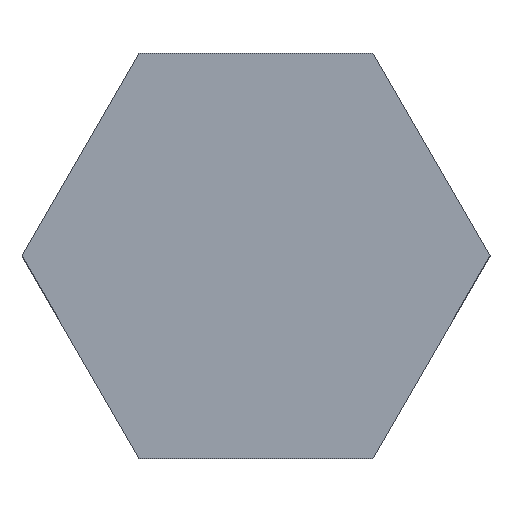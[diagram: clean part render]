
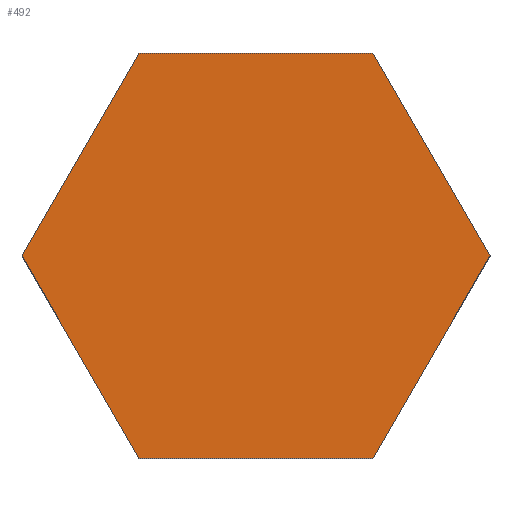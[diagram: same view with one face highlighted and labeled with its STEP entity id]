
A CAD part, top view. The second image highlights one B-rep face of the part: STEP entity #492.
In plain terms, the highlighted planar face has unit normal (0, 0, 1).
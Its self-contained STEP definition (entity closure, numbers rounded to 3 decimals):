
#24 = VERTEX_POINT('',#25);
#25 = CARTESIAN_POINT('',(10.,0.,10.));
#32 = PLANE('',#33);
#33 = AXIS2_PLACEMENT_3D('',#34,#35,#36);
#34 = CARTESIAN_POINT('',(10.,0.,0.));
#35 = DIRECTION('',(-0.866,-0.5,0.));
#36 = DIRECTION('',(-0.5,0.866,0.));
#44 = PLANE('',#45);
#45 = AXIS2_PLACEMENT_3D('',#46,#47,#48);
#46 = CARTESIAN_POINT('',(5.,-8.66,0.));
#47 = DIRECTION('',(-0.866,0.5,0.));
#48 = DIRECTION('',(0.5,0.866,0.));
#56 = EDGE_CURVE('',#24,#57,#59,.T.);
#57 = VERTEX_POINT('',#58);
#58 = CARTESIAN_POINT('',(5.,8.66,10.));
#59 = SURFACE_CURVE('',#60,(#64,#71),.PCURVE_S1.);
#60 = LINE('',#61,#62);
#61 = CARTESIAN_POINT('',(10.,0.,10.));
#62 = VECTOR('',#63,1.);
#63 = DIRECTION('',(-0.5,0.866,0.));
#64 = PCURVE('',#32,#65);
#65 = DEFINITIONAL_REPRESENTATION('',(#66),#70);
#66 = LINE('',#67,#68);
#67 = CARTESIAN_POINT('',(0.,-10.));
#68 = VECTOR('',#69,1.);
#69 = DIRECTION('',(1.,0.));
#70 = ( GEOMETRIC_REPRESENTATION_CONTEXT(2) 
PARAMETRIC_REPRESENTATION_CONTEXT() REPRESENTATION_CONTEXT('2D SPACE',''
  ) );
#71 = PCURVE('',#72,#77);
#72 = PLANE('',#73);
#73 = AXIS2_PLACEMENT_3D('',#74,#75,#76);
#74 = CARTESIAN_POINT('',(0.,0.,10.));
#75 = DIRECTION('',(0.,0.,1.));
#76 = DIRECTION('',(1.,0.,-0.));
#77 = DEFINITIONAL_REPRESENTATION('',(#78),#82);
#78 = LINE('',#79,#80);
#79 = CARTESIAN_POINT('',(10.,0.));
#80 = VECTOR('',#81,1.);
#81 = DIRECTION('',(-0.5,0.866));
#82 = ( GEOMETRIC_REPRESENTATION_CONTEXT(2) 
PARAMETRIC_REPRESENTATION_CONTEXT() REPRESENTATION_CONTEXT('2D SPACE',''
  ) );
#100 = PLANE('',#101);
#101 = AXIS2_PLACEMENT_3D('',#102,#103,#104);
#102 = CARTESIAN_POINT('',(5.,8.66,0.));
#103 = DIRECTION('',(0.,-1.,0.));
#104 = DIRECTION('',(-1.,0.,0.));
#142 = EDGE_CURVE('',#57,#143,#145,.T.);
#143 = VERTEX_POINT('',#144);
#144 = CARTESIAN_POINT('',(-5.,8.66,10.));
#145 = SURFACE_CURVE('',#146,(#150,#157),.PCURVE_S1.);
#146 = LINE('',#147,#148);
#147 = CARTESIAN_POINT('',(5.,8.66,10.));
#148 = VECTOR('',#149,1.);
#149 = DIRECTION('',(-1.,0.,0.));
#150 = PCURVE('',#100,#151);
#151 = DEFINITIONAL_REPRESENTATION('',(#152),#156);
#152 = LINE('',#153,#154);
#153 = CARTESIAN_POINT('',(0.,-10.));
#154 = VECTOR('',#155,1.);
#155 = DIRECTION('',(1.,0.));
#156 = ( GEOMETRIC_REPRESENTATION_CONTEXT(2) 
PARAMETRIC_REPRESENTATION_CONTEXT() REPRESENTATION_CONTEXT('2D SPACE',''
  ) );
#157 = PCURVE('',#72,#158);
#158 = DEFINITIONAL_REPRESENTATION('',(#159),#163);
#159 = LINE('',#160,#161);
#160 = CARTESIAN_POINT('',(5.,8.66));
#161 = VECTOR('',#162,1.);
#162 = DIRECTION('',(-1.,0.));
#163 = ( GEOMETRIC_REPRESENTATION_CONTEXT(2) 
PARAMETRIC_REPRESENTATION_CONTEXT() REPRESENTATION_CONTEXT('2D SPACE',''
  ) );
#181 = PLANE('',#182);
#182 = AXIS2_PLACEMENT_3D('',#183,#184,#185);
#183 = CARTESIAN_POINT('',(-5.,8.66,0.));
#184 = DIRECTION('',(0.866,-0.5,0.));
#185 = DIRECTION('',(-0.5,-0.866,0.));
#218 = EDGE_CURVE('',#143,#219,#221,.T.);
#219 = VERTEX_POINT('',#220);
#220 = CARTESIAN_POINT('',(-10.,0.,10.));
#221 = SURFACE_CURVE('',#222,(#226,#233),.PCURVE_S1.);
#222 = LINE('',#223,#224);
#223 = CARTESIAN_POINT('',(-5.,8.66,10.));
#224 = VECTOR('',#225,1.);
#225 = DIRECTION('',(-0.5,-0.866,0.));
#226 = PCURVE('',#181,#227);
#227 = DEFINITIONAL_REPRESENTATION('',(#228),#232);
#228 = LINE('',#229,#230);
#229 = CARTESIAN_POINT('',(0.,-10.));
#230 = VECTOR('',#231,1.);
#231 = DIRECTION('',(1.,0.));
#232 = ( GEOMETRIC_REPRESENTATION_CONTEXT(2) 
PARAMETRIC_REPRESENTATION_CONTEXT() REPRESENTATION_CONTEXT('2D SPACE',''
  ) );
#233 = PCURVE('',#72,#234);
#234 = DEFINITIONAL_REPRESENTATION('',(#235),#239);
#235 = LINE('',#236,#237);
#236 = CARTESIAN_POINT('',(-5.,8.66));
#237 = VECTOR('',#238,1.);
#238 = DIRECTION('',(-0.5,-0.866));
#239 = ( GEOMETRIC_REPRESENTATION_CONTEXT(2) 
PARAMETRIC_REPRESENTATION_CONTEXT() REPRESENTATION_CONTEXT('2D SPACE',''
  ) );
#257 = PLANE('',#258);
#258 = AXIS2_PLACEMENT_3D('',#259,#260,#261);
#259 = CARTESIAN_POINT('',(-10.,0.,0.));
#260 = DIRECTION('',(0.866,0.5,-0.));
#261 = DIRECTION('',(0.5,-0.866,0.));
#294 = EDGE_CURVE('',#219,#295,#297,.T.);
#295 = VERTEX_POINT('',#296);
#296 = CARTESIAN_POINT('',(-5.,-8.66,10.));
#297 = SURFACE_CURVE('',#298,(#302,#309),.PCURVE_S1.);
#298 = LINE('',#299,#300);
#299 = CARTESIAN_POINT('',(-10.,0.,10.));
#300 = VECTOR('',#301,1.);
#301 = DIRECTION('',(0.5,-0.866,0.));
#302 = PCURVE('',#257,#303);
#303 = DEFINITIONAL_REPRESENTATION('',(#304),#308);
#304 = LINE('',#305,#306);
#305 = CARTESIAN_POINT('',(0.,-10.));
#306 = VECTOR('',#307,1.);
#307 = DIRECTION('',(1.,0.));
#308 = ( GEOMETRIC_REPRESENTATION_CONTEXT(2) 
PARAMETRIC_REPRESENTATION_CONTEXT() REPRESENTATION_CONTEXT('2D SPACE',''
  ) );
#309 = PCURVE('',#72,#310);
#310 = DEFINITIONAL_REPRESENTATION('',(#311),#315);
#311 = LINE('',#312,#313);
#312 = CARTESIAN_POINT('',(-10.,0.));
#313 = VECTOR('',#314,1.);
#314 = DIRECTION('',(0.5,-0.866));
#315 = ( GEOMETRIC_REPRESENTATION_CONTEXT(2) 
PARAMETRIC_REPRESENTATION_CONTEXT() REPRESENTATION_CONTEXT('2D SPACE',''
  ) );
#333 = PLANE('',#334);
#334 = AXIS2_PLACEMENT_3D('',#335,#336,#337);
#335 = CARTESIAN_POINT('',(-5.,-8.66,0.));
#336 = DIRECTION('',(0.,1.,-0.));
#337 = DIRECTION('',(1.,0.,0.));
#370 = EDGE_CURVE('',#295,#371,#373,.T.);
#371 = VERTEX_POINT('',#372);
#372 = CARTESIAN_POINT('',(5.,-8.66,10.));
#373 = SURFACE_CURVE('',#374,(#378,#385),.PCURVE_S1.);
#374 = LINE('',#375,#376);
#375 = CARTESIAN_POINT('',(-5.,-8.66,10.));
#376 = VECTOR('',#377,1.);
#377 = DIRECTION('',(1.,0.,0.));
#378 = PCURVE('',#333,#379);
#379 = DEFINITIONAL_REPRESENTATION('',(#380),#384);
#380 = LINE('',#381,#382);
#381 = CARTESIAN_POINT('',(0.,-10.));
#382 = VECTOR('',#383,1.);
#383 = DIRECTION('',(1.,0.));
#384 = ( GEOMETRIC_REPRESENTATION_CONTEXT(2) 
PARAMETRIC_REPRESENTATION_CONTEXT() REPRESENTATION_CONTEXT('2D SPACE',''
  ) );
#385 = PCURVE('',#72,#386);
#386 = DEFINITIONAL_REPRESENTATION('',(#387),#391);
#387 = LINE('',#388,#389);
#388 = CARTESIAN_POINT('',(-5.,-8.66));
#389 = VECTOR('',#390,1.);
#390 = DIRECTION('',(1.,0.));
#391 = ( GEOMETRIC_REPRESENTATION_CONTEXT(2) 
PARAMETRIC_REPRESENTATION_CONTEXT() REPRESENTATION_CONTEXT('2D SPACE',''
  ) );
#441 = EDGE_CURVE('',#371,#24,#442,.T.);
#442 = SURFACE_CURVE('',#443,(#447,#454),.PCURVE_S1.);
#443 = LINE('',#444,#445);
#444 = CARTESIAN_POINT('',(5.,-8.66,10.));
#445 = VECTOR('',#446,1.);
#446 = DIRECTION('',(0.5,0.866,0.));
#447 = PCURVE('',#44,#448);
#448 = DEFINITIONAL_REPRESENTATION('',(#449),#453);
#449 = LINE('',#450,#451);
#450 = CARTESIAN_POINT('',(0.,-10.));
#451 = VECTOR('',#452,1.);
#452 = DIRECTION('',(1.,0.));
#453 = ( GEOMETRIC_REPRESENTATION_CONTEXT(2) 
PARAMETRIC_REPRESENTATION_CONTEXT() REPRESENTATION_CONTEXT('2D SPACE',''
  ) );
#454 = PCURVE('',#72,#455);
#455 = DEFINITIONAL_REPRESENTATION('',(#456),#460);
#456 = LINE('',#457,#458);
#457 = CARTESIAN_POINT('',(5.,-8.66));
#458 = VECTOR('',#459,1.);
#459 = DIRECTION('',(0.5,0.866));
#460 = ( GEOMETRIC_REPRESENTATION_CONTEXT(2) 
PARAMETRIC_REPRESENTATION_CONTEXT() REPRESENTATION_CONTEXT('2D SPACE',''
  ) );
#492 = ADVANCED_FACE('',(#493),#72,.T.);
#493 = FACE_BOUND('',#494,.T.);
#494 = EDGE_LOOP('',(#495,#496,#497,#498,#499,#500));
#495 = ORIENTED_EDGE('',*,*,#56,.T.);
#496 = ORIENTED_EDGE('',*,*,#142,.T.);
#497 = ORIENTED_EDGE('',*,*,#218,.T.);
#498 = ORIENTED_EDGE('',*,*,#294,.T.);
#499 = ORIENTED_EDGE('',*,*,#370,.T.);
#500 = ORIENTED_EDGE('',*,*,#441,.T.);
◆ ◆ ◆ ◆
Would you please copy, word for word, everything above from the line containing "#294 = EDGE_CURVE('',#219,#295,#297,.T.);" down to the line containing "#333 = PLANE('',#334);", those two lines included?

- _Exercise result_:
#294 = EDGE_CURVE('',#219,#295,#297,.T.);
#295 = VERTEX_POINT('',#296);
#296 = CARTESIAN_POINT('',(-5.,-8.66,10.));
#297 = SURFACE_CURVE('',#298,(#302,#309),.PCURVE_S1.);
#298 = LINE('',#299,#300);
#299 = CARTESIAN_POINT('',(-10.,0.,10.));
#300 = VECTOR('',#301,1.);
#301 = DIRECTION('',(0.5,-0.866,0.));
#302 = PCURVE('',#257,#303);
#303 = DEFINITIONAL_REPRESENTATION('',(#304),#308);
#304 = LINE('',#305,#306);
#305 = CARTESIAN_POINT('',(0.,-10.));
#306 = VECTOR('',#307,1.);
#307 = DIRECTION('',(1.,0.));
#308 = ( GEOMETRIC_REPRESENTATION_CONTEXT(2) 
PARAMETRIC_REPRESENTATION_CONTEXT() REPRESENTATION_CONTEXT('2D SPACE',''
  ) );
#309 = PCURVE('',#72,#310);
#310 = DEFINITIONAL_REPRESENTATION('',(#311),#315);
#311 = LINE('',#312,#313);
#312 = CARTESIAN_POINT('',(-10.,0.));
#313 = VECTOR('',#314,1.);
#314 = DIRECTION('',(0.5,-0.866));
#315 = ( GEOMETRIC_REPRESENTATION_CONTEXT(2) 
PARAMETRIC_REPRESENTATION_CONTEXT() REPRESENTATION_CONTEXT('2D SPACE',''
  ) );
#333 = PLANE('',#334);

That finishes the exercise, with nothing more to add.